Court rules in favor of Bank in account takeover case

Unlike the PATCO ruling, a district court in Missouri has ruled in favor of the bank in an account takeover case brought by one of its commercial customers.  This case was very similar to the PATCO case with one important exception, which I’ll discuss shortly.  But it also raises some interesting questions that could impact financial institutions.

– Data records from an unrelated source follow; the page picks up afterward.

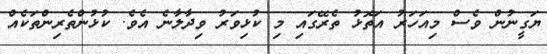
ޔަގީނުން ވެސް މިއަހަރު އަތޮޅު ތެރޭގައި މި ކުޅިވަރު ވިދާލާނެ އެވެ. ކުޅުންތެރިންތަކެއް
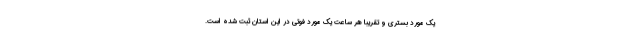
یک مورد بستری و تقریبا هر ساعت یک مورد فوتی در این استان ثبت شده است.
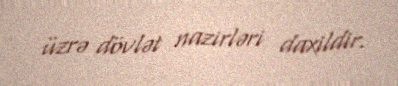
üzrə dövlət nazirləri daxildir.
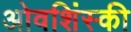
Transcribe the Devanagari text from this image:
ओवशिंस्की
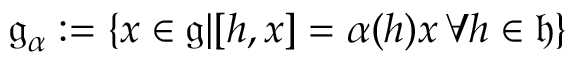
{ \mathfrak { g _ { \alpha } } } : = \{ x \in { \mathfrak { g } } | [ h , x ] = \alpha ( h ) x \, \forall h \in { \mathfrak { h } } \}
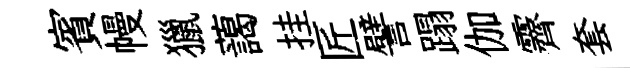
賓幔獵藹挂匠譬蹋伽霽套
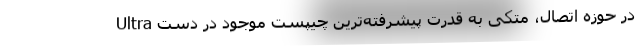
Ultra در حوزه اتصال، متکی به قدرت پیشرفته‌ترین چیپست موجود در دست
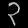
Digit: ၃
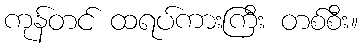
ကုန်တင် ထရပ်ကားကြီး တစ်စီး။
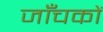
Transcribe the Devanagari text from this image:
जाँचकों
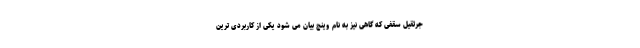
جرثقیل سقفی که گاهی نیز به نام وینچ بیان می شود یکی از کاربردی ترین
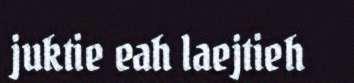
juktie eah laejtieh
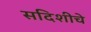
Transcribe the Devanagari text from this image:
सदिशीचे
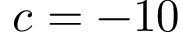
c = - 1 0
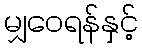
မျှဝေရန်နှင့်
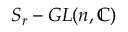
S _ { r } - G L ( n , \mathbb { C } )
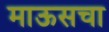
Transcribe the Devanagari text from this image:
माऊसचा
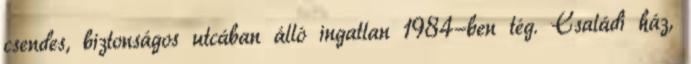
csendes, biztonságos utcában álló ingatlan 1984-ben tég. Családi ház,
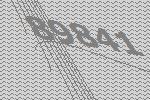
89841
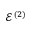
\mathcal { E } ^ { ( 2 ) }
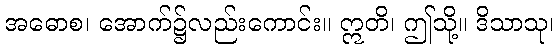
အဓောစ၊ အောက်၌လည်းကောင်း။ ဣတိ၊ ဤသို့။ ဒိသာသု၊
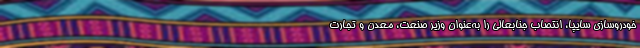
خودروسازي سايپا، انتصاب جنابعالي را به‌عنوان وزير صنعت، معدن و تجارت

First, the details.  In March 2010, BancorpSouth received a request via the Internet to execute a wire transfer in the amount of $440,000 on behalf of its customer, Choice Escrow and Land Title.  The Bank wired the funds, and the following day the customer contacted the Bank to notify them that they they in fact did not authorize the wire transfer.  The company filed suit to recover the loss, claiming that the Bank did not use appropriate security measures.  But their claim wasn’t that appropriate security wasn’t made available, but that there were several security options available and the Bank allowed the customer to select an inferior option.  This is quite different from the PATCO case, where strong authentication was available to the Bank from the software vendor, but the Bank in that case decided not to offer it to their customer.  In this case the Bank offered both single and dual-control authentication options, and the customer waived the dual-control option.  This gave any authorized user of the software the ability to initiate and approve a wire without requiring a second user to approve and release the funds.  Using malware, a hacker was able to gain control of the PC, record the user name and password via a keystroke logger, and send the fraudulent wire.

The PATCO case was decided in favor of the customer because the Bank failed to make strong, commercially reasonable, authentication options available to the customer even though the software vendor offered them to the Bank.  But in this case, the judge decided just the opposite; stronger options were made available, but were declined by the customer.  Remember, according to UCC 4A the risk of loss for an unauthorized transaction will lie with a customer if the bank can establish that its security procedure is a commercially reasonable method of providing security against unauthorized payment orders.  So, advantage Bank.  But again, the customer claimed that the Bank should NOT have offered the weaker option to them knowing that it was insufficient to address the risks.  In other words, simply offering the weaker option to the customer was an implicit acknowledgement by the Bank that it was commercial reasonable.  In the end this argument was rejected because the Bank had documentation that it offered, and the customer refused, the stronger option multiple times.

Although this case turned out OK for the Bank, the verdict does raise several questions for financial institutions:

  • Knowing that one option is better than another, should institutions even offer more than one authentication option to their customers?  And what happens when a customer (or product) increases in risk?  Do you require the users to upgrade?
  • Since the judge in both this case and the PATCO case referenced UCC 4A as the legal basis for their decisions, should the FFIEC be more prescriptive about exactly what constitutes “commercially reasonable” (and what doesn’t)?  The 2003 FFIEC E-Banking guidance says that “whether a method is a commercially reasonable system depends on an evaluation of the circumstances.”  But the updated 2011 FFIEC authentication guidance doesn’t mention “commercially reasonable” (or UCC 4A) at all.  Why not?  Specifically, why not include the “…the risk of loss for an unauthorized transaction will lie with a customer if…” language?
  • Are institutions putting too much faith in technical measures, and avoiding simpler, but more effective, controls?   Anomaly detection is getting a lot of attention these days, but in this case Choice had a history of transfers with similar size and quantity, and anomaly triggers were not activated.  Simple dual-authentication would have prevented this fraudulent transfer.
  • On the other hand, are vendors overlooking more effective technologies, such as out-of-band authentication and secure DNS?

In summary, there are still questions, but there are also a couple of lessons financial institutions should take away from this.  First, the court determined that although dual-control was more labor intensive for the customer, it was also the more secure option, and as such Choice should have opted for increased security over the increased inconvenience.  Lesson?  Perhaps you should be less concerned about inconveniencing your customers with increased security requirements, and more focused on convincing (i.e. educating) them on why a little increased effort on their part is justified…i.e. security trumps useability.  Second, customer awareness efforts and documentation made all the difference in this case.  If the Bank had not made, and documented, multiple efforts to implement stronger authentication, this case could easily have gone the other way.